▶ [PROBLEM DETAILS] From the first line to the last, set down the data exactly as given.

[PROVIDED RECORDS — start]

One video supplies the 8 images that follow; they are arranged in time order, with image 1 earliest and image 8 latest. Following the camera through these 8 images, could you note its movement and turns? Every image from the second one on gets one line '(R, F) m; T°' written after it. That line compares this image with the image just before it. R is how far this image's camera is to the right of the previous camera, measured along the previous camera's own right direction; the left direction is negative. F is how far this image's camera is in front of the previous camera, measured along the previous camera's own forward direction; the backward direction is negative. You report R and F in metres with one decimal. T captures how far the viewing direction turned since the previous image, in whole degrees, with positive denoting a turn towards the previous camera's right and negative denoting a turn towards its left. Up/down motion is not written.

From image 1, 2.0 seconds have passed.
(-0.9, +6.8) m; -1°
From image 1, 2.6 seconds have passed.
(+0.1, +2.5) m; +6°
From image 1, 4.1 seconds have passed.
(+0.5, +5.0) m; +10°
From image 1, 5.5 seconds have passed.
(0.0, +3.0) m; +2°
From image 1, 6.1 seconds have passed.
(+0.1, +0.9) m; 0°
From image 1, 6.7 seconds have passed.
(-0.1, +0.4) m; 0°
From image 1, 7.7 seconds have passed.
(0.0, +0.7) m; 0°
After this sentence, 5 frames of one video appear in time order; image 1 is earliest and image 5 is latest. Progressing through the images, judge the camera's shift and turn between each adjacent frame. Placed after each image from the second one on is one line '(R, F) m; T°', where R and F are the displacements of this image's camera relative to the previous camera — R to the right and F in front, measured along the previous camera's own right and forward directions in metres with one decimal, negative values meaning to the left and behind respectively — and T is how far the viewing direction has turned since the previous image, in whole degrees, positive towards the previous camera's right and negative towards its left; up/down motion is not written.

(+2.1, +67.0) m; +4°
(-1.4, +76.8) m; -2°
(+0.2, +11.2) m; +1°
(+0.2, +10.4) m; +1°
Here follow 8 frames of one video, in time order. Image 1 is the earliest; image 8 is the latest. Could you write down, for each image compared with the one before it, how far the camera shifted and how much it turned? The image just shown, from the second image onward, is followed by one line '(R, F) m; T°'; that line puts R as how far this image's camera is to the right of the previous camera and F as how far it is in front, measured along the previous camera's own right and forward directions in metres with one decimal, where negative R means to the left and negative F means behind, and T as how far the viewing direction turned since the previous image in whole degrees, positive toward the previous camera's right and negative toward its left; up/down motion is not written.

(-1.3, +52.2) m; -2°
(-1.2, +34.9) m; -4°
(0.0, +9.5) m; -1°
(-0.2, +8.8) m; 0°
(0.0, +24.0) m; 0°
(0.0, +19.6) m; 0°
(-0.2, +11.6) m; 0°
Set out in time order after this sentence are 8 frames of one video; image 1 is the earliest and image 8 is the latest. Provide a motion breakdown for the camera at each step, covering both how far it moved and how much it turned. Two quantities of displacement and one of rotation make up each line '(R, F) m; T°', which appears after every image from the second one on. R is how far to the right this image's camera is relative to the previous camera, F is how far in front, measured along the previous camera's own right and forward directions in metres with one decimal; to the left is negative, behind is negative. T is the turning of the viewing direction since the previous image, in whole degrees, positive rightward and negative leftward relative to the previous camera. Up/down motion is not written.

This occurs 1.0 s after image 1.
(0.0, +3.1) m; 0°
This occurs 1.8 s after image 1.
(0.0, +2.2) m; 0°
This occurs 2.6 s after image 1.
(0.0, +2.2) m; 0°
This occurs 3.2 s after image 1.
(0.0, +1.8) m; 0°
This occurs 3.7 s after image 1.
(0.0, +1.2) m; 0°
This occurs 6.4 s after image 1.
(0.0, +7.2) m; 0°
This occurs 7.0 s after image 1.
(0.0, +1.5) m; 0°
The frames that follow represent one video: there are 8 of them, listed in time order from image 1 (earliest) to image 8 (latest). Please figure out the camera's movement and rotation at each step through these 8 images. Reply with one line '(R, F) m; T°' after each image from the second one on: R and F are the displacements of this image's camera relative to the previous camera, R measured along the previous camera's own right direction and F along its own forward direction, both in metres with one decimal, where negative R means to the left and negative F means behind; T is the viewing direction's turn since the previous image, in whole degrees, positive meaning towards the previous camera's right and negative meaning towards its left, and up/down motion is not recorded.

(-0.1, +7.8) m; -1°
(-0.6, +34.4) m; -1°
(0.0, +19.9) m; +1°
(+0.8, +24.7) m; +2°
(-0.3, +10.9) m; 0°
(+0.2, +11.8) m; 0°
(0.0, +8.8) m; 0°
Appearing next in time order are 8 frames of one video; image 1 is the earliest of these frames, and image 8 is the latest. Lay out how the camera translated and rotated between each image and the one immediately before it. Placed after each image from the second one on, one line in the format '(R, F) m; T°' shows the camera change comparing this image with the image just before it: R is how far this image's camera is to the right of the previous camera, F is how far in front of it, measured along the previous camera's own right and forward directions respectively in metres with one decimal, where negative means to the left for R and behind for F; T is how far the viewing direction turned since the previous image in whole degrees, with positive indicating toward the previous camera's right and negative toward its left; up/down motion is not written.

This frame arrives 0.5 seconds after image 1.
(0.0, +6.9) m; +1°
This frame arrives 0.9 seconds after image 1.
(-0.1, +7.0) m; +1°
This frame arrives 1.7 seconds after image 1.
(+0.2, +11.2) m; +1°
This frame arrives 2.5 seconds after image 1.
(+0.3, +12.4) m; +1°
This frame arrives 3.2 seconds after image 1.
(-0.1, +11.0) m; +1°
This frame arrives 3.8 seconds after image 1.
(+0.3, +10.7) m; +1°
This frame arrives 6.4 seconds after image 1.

[PROVIDED RECORDS — finish]

▶ [ANSWER TO THIS TASK]
One video supplies the 8 images that follow; they are arranged in time order, with image 1 earliest and image 8 latest. Following the camera through these 8 images, could you note its movement and turns? Every image from the second one on gets one line '(R, F) m; T°' written after it. That line compares this image with the image just before it. R is how far this image's camera is to the right of the previous camera, measured along the previous camera's own right direction; the left direction is negative. F is how far this image's camera is in front of the previous camera, measured along the previous camera's own forward direction; the backward direction is negative. You report R and F in metres with one decimal. T captures how far the viewing direction turned since the previous image, in whole degrees, with positive denoting a turn towards the previous camera's right and negative denoting a turn towards its left. Up/down motion is not written.

From image 1, 2.0 seconds have passed.
(-0.9, +6.8) m; -1°
From image 1, 2.6 seconds have passed.
(+0.1, +2.5) m; +6°
From image 1, 4.1 seconds have passed.
(+0.5, +5.0) m; +10°
From image 1, 5.5 seconds have passed.
(0.0, +3.0) m; +2°
From image 1, 6.1 seconds have passed.
(+0.1, +0.9) m; 0°
From image 1, 6.7 seconds have passed.
(-0.1, +0.4) m; 0°
From image 1, 7.7 seconds have passed.
(0.0, +0.7) m; 0°
After this sentence, 5 frames of one video appear in time order; image 1 is earliest and image 5 is latest. Progressing through the images, judge the camera's shift and turn between each adjacent frame. Placed after each image from the second one on is one line '(R, F) m; T°', where R and F are the displacements of this image's camera relative to the previous camera — R to the right and F in front, measured along the previous camera's own right and forward directions in metres with one decimal, negative values meaning to the left and behind respectively — and T is how far the viewing direction has turned since the previous image, in whole degrees, positive towards the previous camera's right and negative towards its left; up/down motion is not written.

(+2.1, +67.0) m; +4°
(-1.4, +76.8) m; -2°
(+0.2, +11.2) m; +1°
(+0.2, +10.4) m; +1°
Here follow 8 frames of one video, in time order. Image 1 is the earliest; image 8 is the latest. Could you write down, for each image compared with the one before it, how far the camera shifted and how much it turned? The image just shown, from the second image onward, is followed by one line '(R, F) m; T°'; that line puts R as how far this image's camera is to the right of the previous camera and F as how far it is in front, measured along the previous camera's own right and forward directions in metres with one decimal, where negative R means to the left and negative F means behind, and T as how far the viewing direction turned since the previous image in whole degrees, positive toward the previous camera's right and negative toward its left; up/down motion is not written.

(-1.3, +52.2) m; -2°
(-1.2, +34.9) m; -4°
(0.0, +9.5) m; -1°
(-0.2, +8.8) m; 0°
(0.0, +24.0) m; 0°
(0.0, +19.6) m; 0°
(-0.2, +11.6) m; 0°
Set out in time order after this sentence are 8 frames of one video; image 1 is the earliest and image 8 is the latest. Provide a motion breakdown for the camera at each step, covering both how far it moved and how much it turned. Two quantities of displacement and one of rotation make up each line '(R, F) m; T°', which appears after every image from the second one on. R is how far to the right this image's camera is relative to the previous camera, F is how far in front, measured along the previous camera's own right and forward directions in metres with one decimal; to the left is negative, behind is negative. T is the turning of the viewing direction since the previous image, in whole degrees, positive rightward and negative leftward relative to the previous camera. Up/down motion is not written.

This occurs 1.0 s after image 1.
(0.0, +3.1) m; 0°
This occurs 1.8 s after image 1.
(0.0, +2.2) m; 0°
This occurs 2.6 s after image 1.
(0.0, +2.2) m; 0°
This occurs 3.2 s after image 1.
(0.0, +1.8) m; 0°
This occurs 3.7 s after image 1.
(0.0, +1.2) m; 0°
This occurs 6.4 s after image 1.
(0.0, +7.2) m; 0°
This occurs 7.0 s after image 1.
(0.0, +1.5) m; 0°
The frames that follow represent one video: there are 8 of them, listed in time order from image 1 (earliest) to image 8 (latest). Please figure out the camera's movement and rotation at each step through these 8 images. Reply with one line '(R, F) m; T°' after each image from the second one on: R and F are the displacements of this image's camera relative to the previous camera, R measured along the previous camera's own right direction and F along its own forward direction, both in metres with one decimal, where negative R means to the left and negative F means behind; T is the viewing direction's turn since the previous image, in whole degrees, positive meaning towards the previous camera's right and negative meaning towards its left, and up/down motion is not recorded.

(-0.1, +7.8) m; -1°
(-0.6, +34.4) m; -1°
(0.0, +19.9) m; +1°
(+0.8, +24.7) m; +2°
(-0.3, +10.9) m; 0°
(+0.2, +11.8) m; 0°
(0.0, +8.8) m; 0°
Appearing next in time order are 8 frames of one video; image 1 is the earliest of these frames, and image 8 is the latest. Lay out how the camera translated and rotated between each image and the one immediately before it. Placed after each image from the second one on, one line in the format '(R, F) m; T°' shows the camera change comparing this image with the image just before it: R is how far this image's camera is to the right of the previous camera, F is how far in front of it, measured along the previous camera's own right and forward directions respectively in metres with one decimal, where negative means to the left for R and behind for F; T is how far the viewing direction turned since the previous image in whole degrees, with positive indicating toward the previous camera's right and negative toward its left; up/down motion is not written.

This frame arrives 0.5 seconds after image 1.
(0.0, +6.9) m; +1°
This frame arrives 0.9 seconds after image 1.
(-0.1, +7.0) m; +1°
This frame arrives 1.7 seconds after image 1.
(+0.2, +11.2) m; +1°
This frame arrives 2.5 seconds after image 1.
(+0.3, +12.4) m; +1°
This frame arrives 3.2 seconds after image 1.
(-0.1, +11.0) m; +1°
This frame arrives 3.8 seconds after image 1.
(+0.3, +10.7) m; +1°
This frame arrives 6.4 seconds after image 1.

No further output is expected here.